Open cloudred20 opened 7 years ago
It could, but we never tried.
hi @megha20 thank you again for your interest in TCGAbiolinks.
When you speak about integration of mRNA expression (DEGs) and methylation data (DMRs) were you interested in showing together in a plot by means of TCGAvisualize_starburst ? It was introduced by Noushmehr et. al @labrazil in 2010 [https://www.ncbi.nlm.nih.gov/pubmed/20399149]. I agree with you to follow a similar strategy using TCGAvisualize_starburst to combine and visualize results from TCGAanalyze_DEA (using mRNA's data or miRNA's data) and TCGAanalyze_DMR (using DNA methylaiton's data). So if it is fine for you my suggestion could be to add some code in TCGAvisualize_starburst that can take in input miRNA DEGs (output from DEA) and input of DMRs or in the same time miRNA DEGs (output from DEA) and mRNA DEGs. @tiagochst can we work on it? In particular considering Biological Integromics Expected proposed by Cava et. al @claudiacava in [http://bmcsystbiol.biomedcentral.com/articles/10.1186/s12918-015-0211-x] miRNA down - mRNA Up - DNA amplification - Hypomethylation - protein up can be significantly associated to miRNA Up - mRNA down- DNA deletion - Hypermethylation - protein down. So lets say that @megha20 can be interested in showing combination of two by two of above conditions, do you agree? If you have any suggestions please you can write us. Best, Antonio.

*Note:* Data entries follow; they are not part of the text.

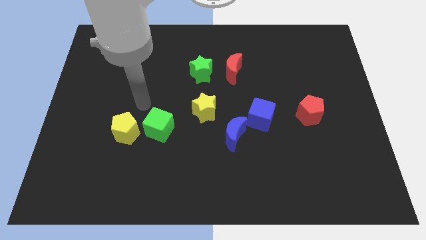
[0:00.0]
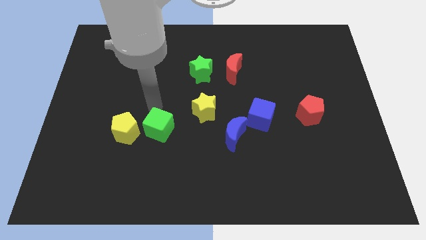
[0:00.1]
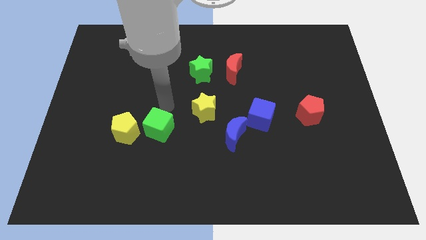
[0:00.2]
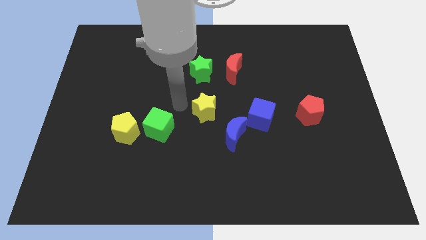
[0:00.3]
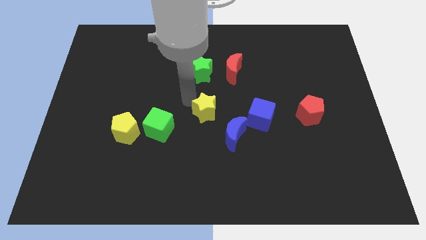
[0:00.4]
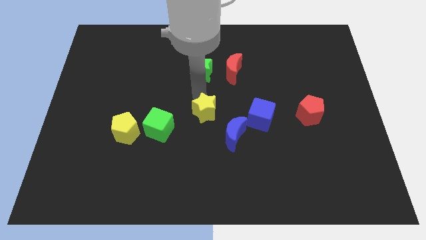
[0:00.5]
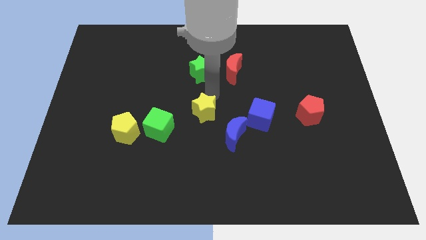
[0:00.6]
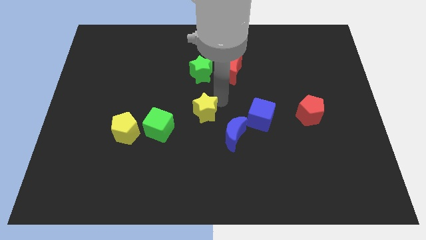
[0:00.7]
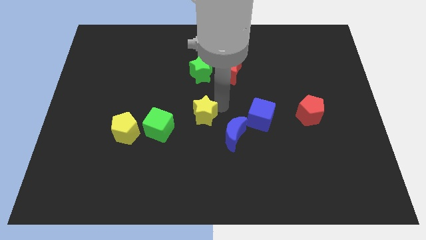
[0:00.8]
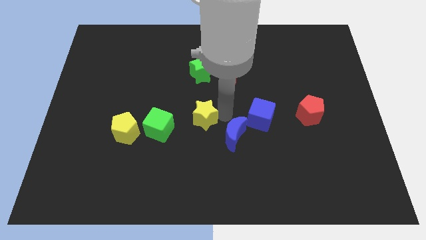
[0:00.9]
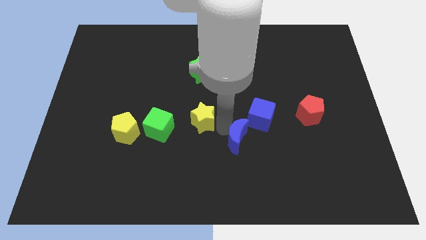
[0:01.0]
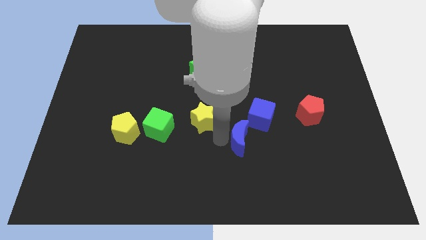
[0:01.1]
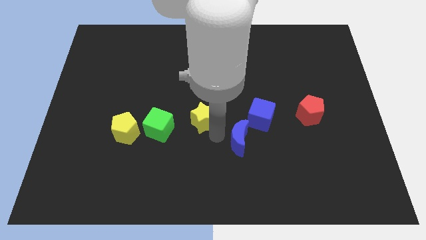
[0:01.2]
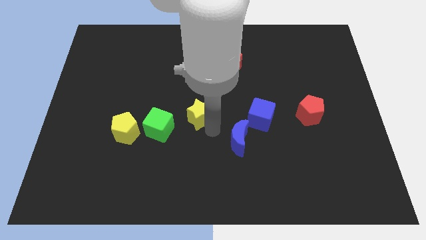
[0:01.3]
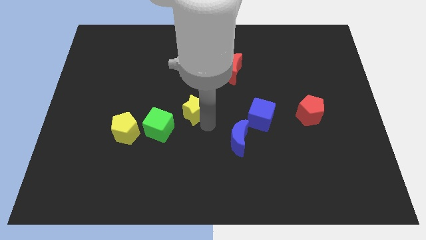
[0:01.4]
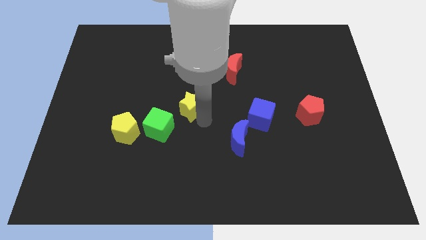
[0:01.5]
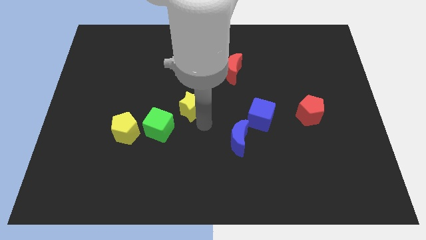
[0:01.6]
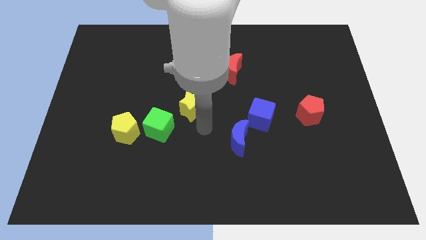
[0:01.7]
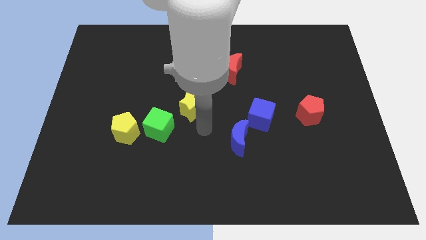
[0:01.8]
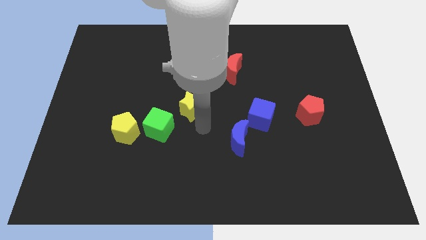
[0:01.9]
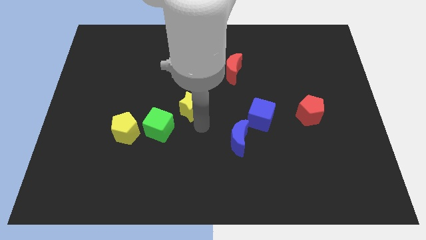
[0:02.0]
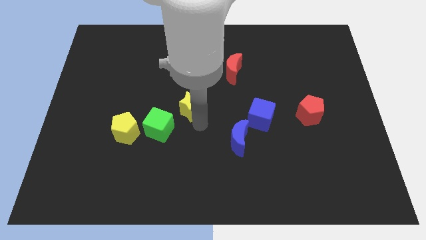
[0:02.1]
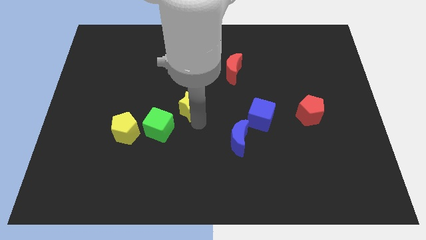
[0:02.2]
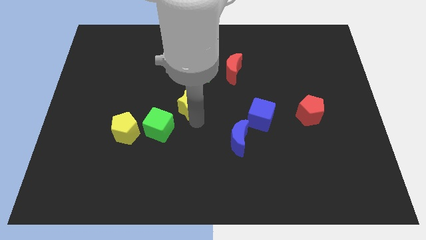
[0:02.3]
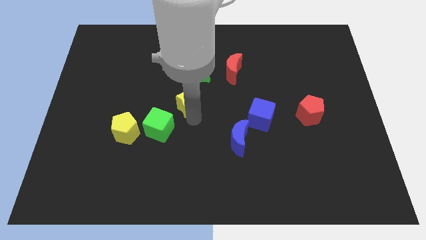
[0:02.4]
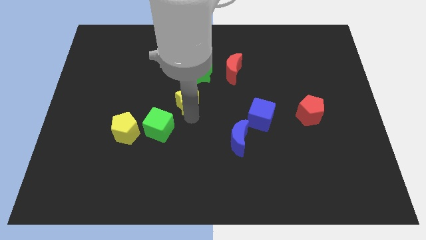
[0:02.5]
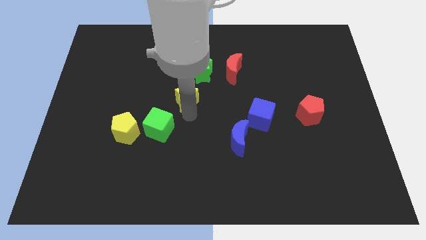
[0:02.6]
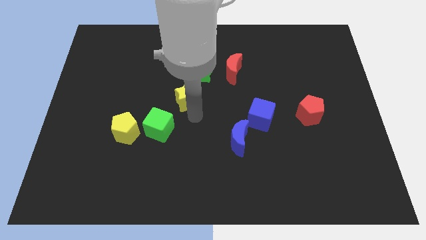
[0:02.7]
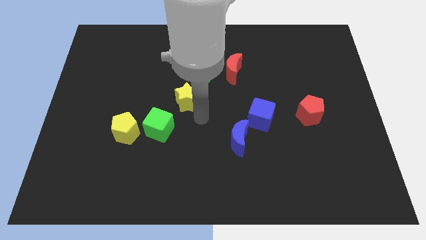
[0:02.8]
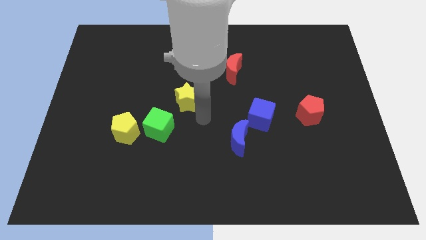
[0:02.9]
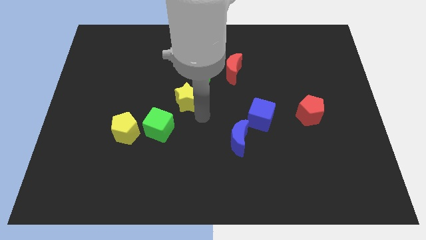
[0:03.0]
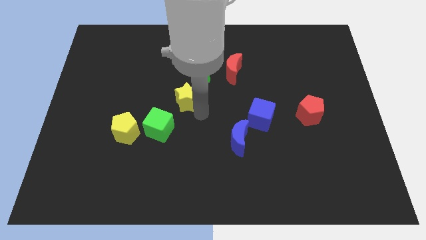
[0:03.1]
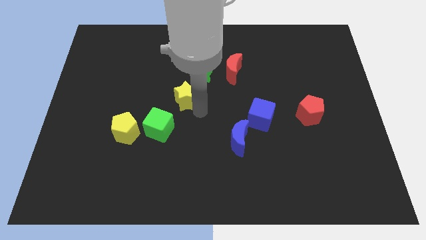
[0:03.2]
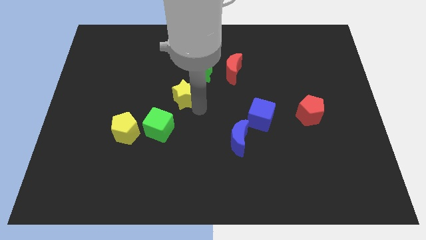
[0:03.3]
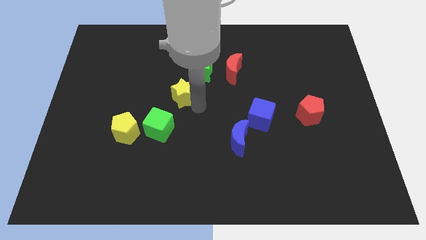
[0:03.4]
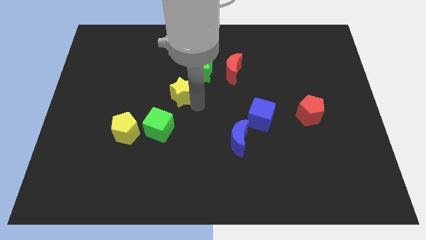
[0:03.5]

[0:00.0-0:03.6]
slightly move the yellow star upwards and to the left diagonally

Ya, it will be helpful if a code can be included such that miRNA DEGs can be used along with DMRs input and a starburst plot can be generated for the same.
Thinking more about it, it might not be so trivial since the CpG probes were designed to target known TSS. You'll have to hope that the CpG probe is near a known miRNA, but I assume you may be able to find some.
Dear all,
has it already been implemented? I've just tried to integrate miRNA expression and methylation data by means of TCGAvisualize_starburst function but it struggles with miRNA IDs and prompts an error.
Thanks
The vignette allows integration of mRNA expression and methylation data. Can a similar strategy be employed for miRNA expression and methylation integration????